Posted by on November 21, 2008 in Jenna, Random Fun, Stream of consciousness, Travel

 

12 responses to “Coming Home

  1. Renée aka Mekhismom

    November 21, 2008 at 11:12 am

    Oh how thoughtful. I am glad that your time away gave you a moment to enjoy being you. And your husband is the best. Roses and a clean home? Do you lend him out? LOL

     
  2. Alpaca Farmgirl

    November 21, 2008 at 11:51 am

    I know that feeling so well. You want, no NEED peace but it’s so hard to leave them! Sounds like you have a great guy and daughter.

    My DH doesn’t usually get roses but he does keep the house cleaner than I do so it’s cleaner when I get back than when I left. That works.

    BTW, I’m a former psychologist. Following you on twitter. Reminds me of before I had alpacas, and when I only had one papoose…

     
  3. Heather~Domestic Extraordinaire

    November 21, 2008 at 12:10 pm

    The photo of your hubby and Jenna=priceless!!

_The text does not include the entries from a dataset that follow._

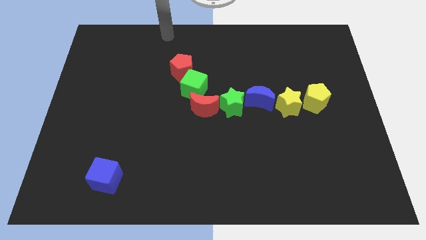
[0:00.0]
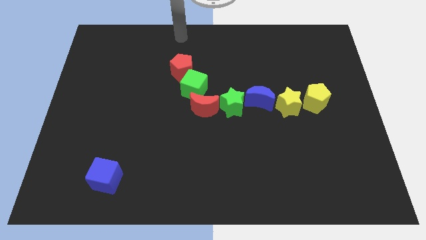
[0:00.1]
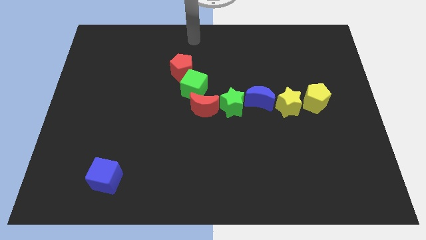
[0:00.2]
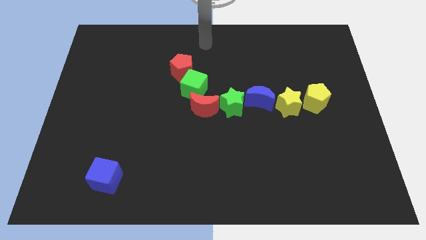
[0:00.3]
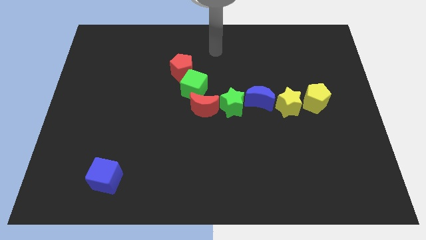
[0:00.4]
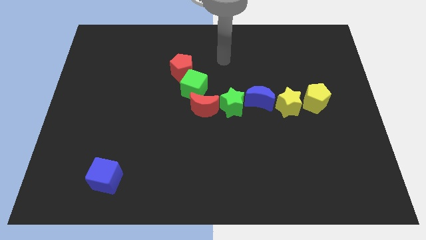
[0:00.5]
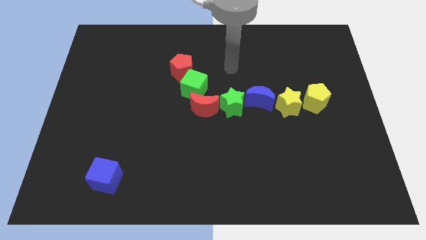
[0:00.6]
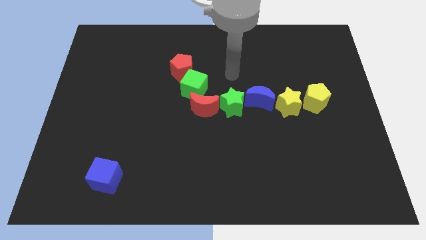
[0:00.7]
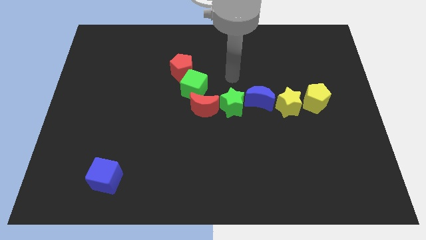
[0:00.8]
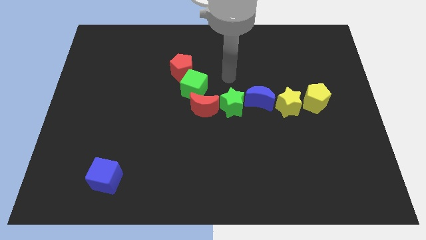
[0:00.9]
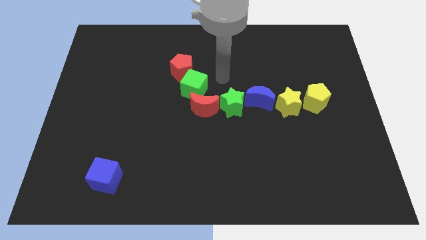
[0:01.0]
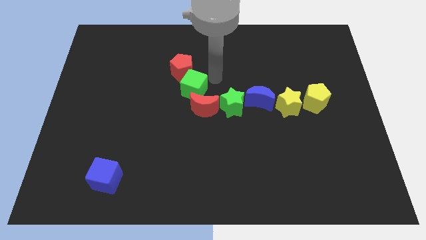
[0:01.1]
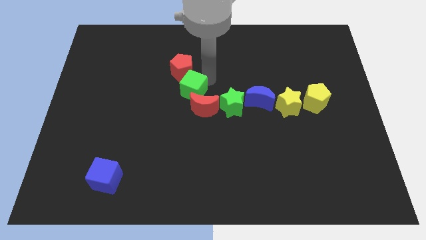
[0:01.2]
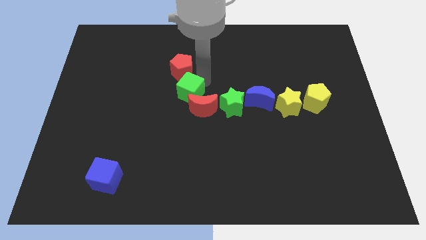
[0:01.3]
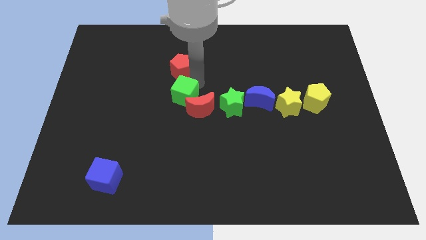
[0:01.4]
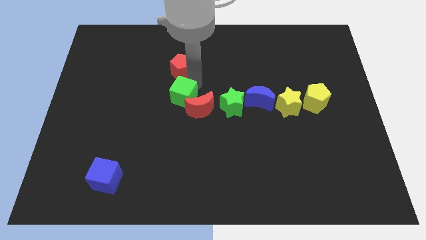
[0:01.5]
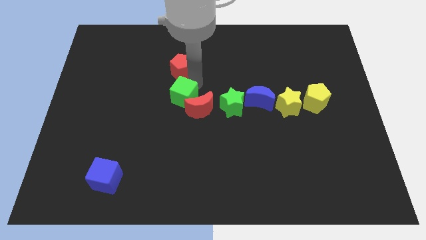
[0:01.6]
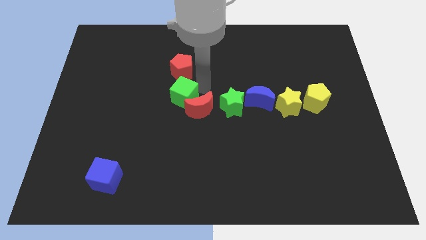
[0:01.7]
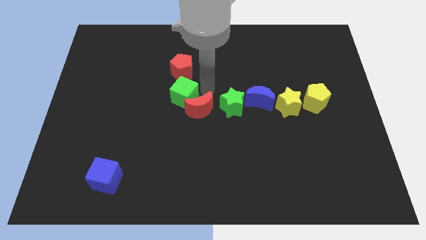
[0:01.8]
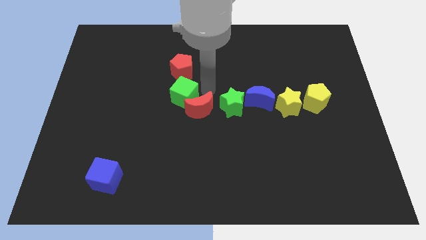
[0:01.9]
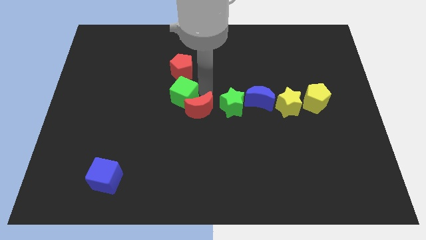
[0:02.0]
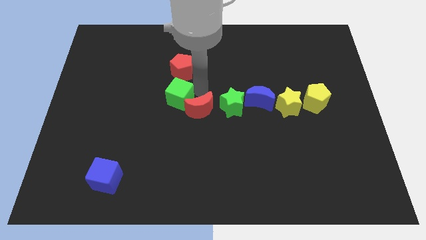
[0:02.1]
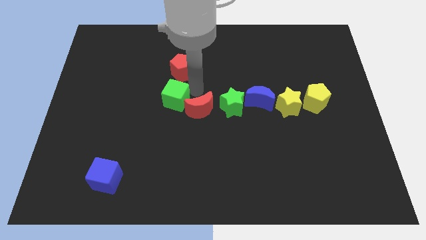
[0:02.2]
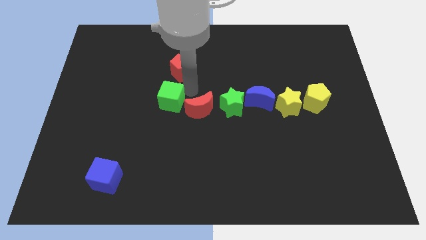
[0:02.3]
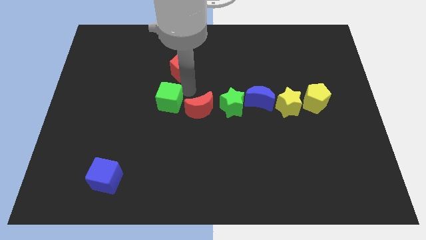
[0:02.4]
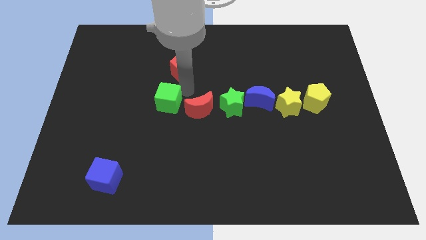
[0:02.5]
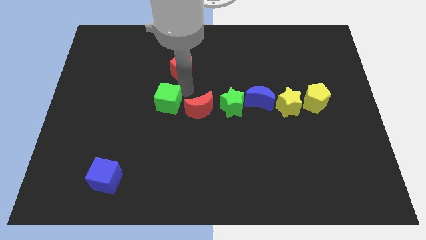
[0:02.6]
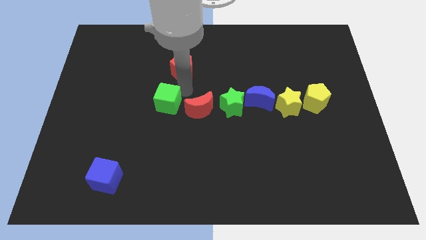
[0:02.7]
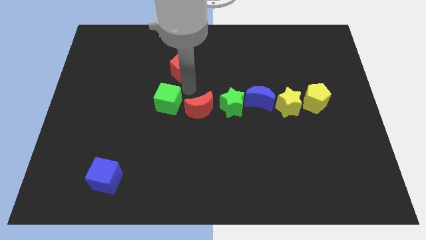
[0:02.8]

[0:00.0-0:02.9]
push green cube beside red crescent

    How wonderful that you got time away and that hubby made the return trip extra special.

     
  4. Kirsten/Mama Ginger Tree

    November 21, 2008 at 1:15 pm

    Wow. I’m going to have my husband read this. 🙂

     
  5. Heather of the EO

    November 21, 2008 at 4:28 pm

    WOW. What a guy!!! He obviously appreciates you so much. And you him. The way you two treat each other is inspiring 🙂

     
  6. Maura

    November 21, 2008 at 4:57 pm

    So nice. The picture of the two of them is great. I’m glad you got to really enjoy your time away — it’s good to give yourself that kind of break every once in a while.

     
  7. AMomTwoBoys

    November 21, 2008 at 5:16 pm

    Awww….he should teach seminars. I’d totally sign DJ up for one.

     
  8. Susie Q

    November 21, 2008 at 6:02 pm

    Wow. This totally trumps pie making.

     
  9. anymommy

    November 22, 2008 at 1:05 am

    Um, yeah, you had me at the beginning, nodding and totally relating to needing that peace and time away, but having that moment of goodbye be so very hard. But, i cried at the end. Roses? Coffee? Your baby to say hello. You are a truly lucky girl.

     
  10. Braja

    November 23, 2008 at 9:54 pm

    You hit the nail on the head; what made it possible for you to enter that ‘space’ was the balance that you knew was there in all other aspects of your life; a holiday isn’t a holiday if you know you’re going back to ten times the workload that piled up while you were away, right? And yeah, maybe you need a guru 🙂 I got one, and it worked…
    Nice post…really nice.

     
  11. jen

    November 24, 2008 at 12:43 am

    a clean house, roses and airport pick-ups? wow.
    he’s a keeper.
    and those piggy-tails…seriously cute.

     
  12. iMommy

    November 24, 2008 at 9:22 pm

    oh, that sounds heavenly. Mind if I forward this hint – I mean, post – to my hubby?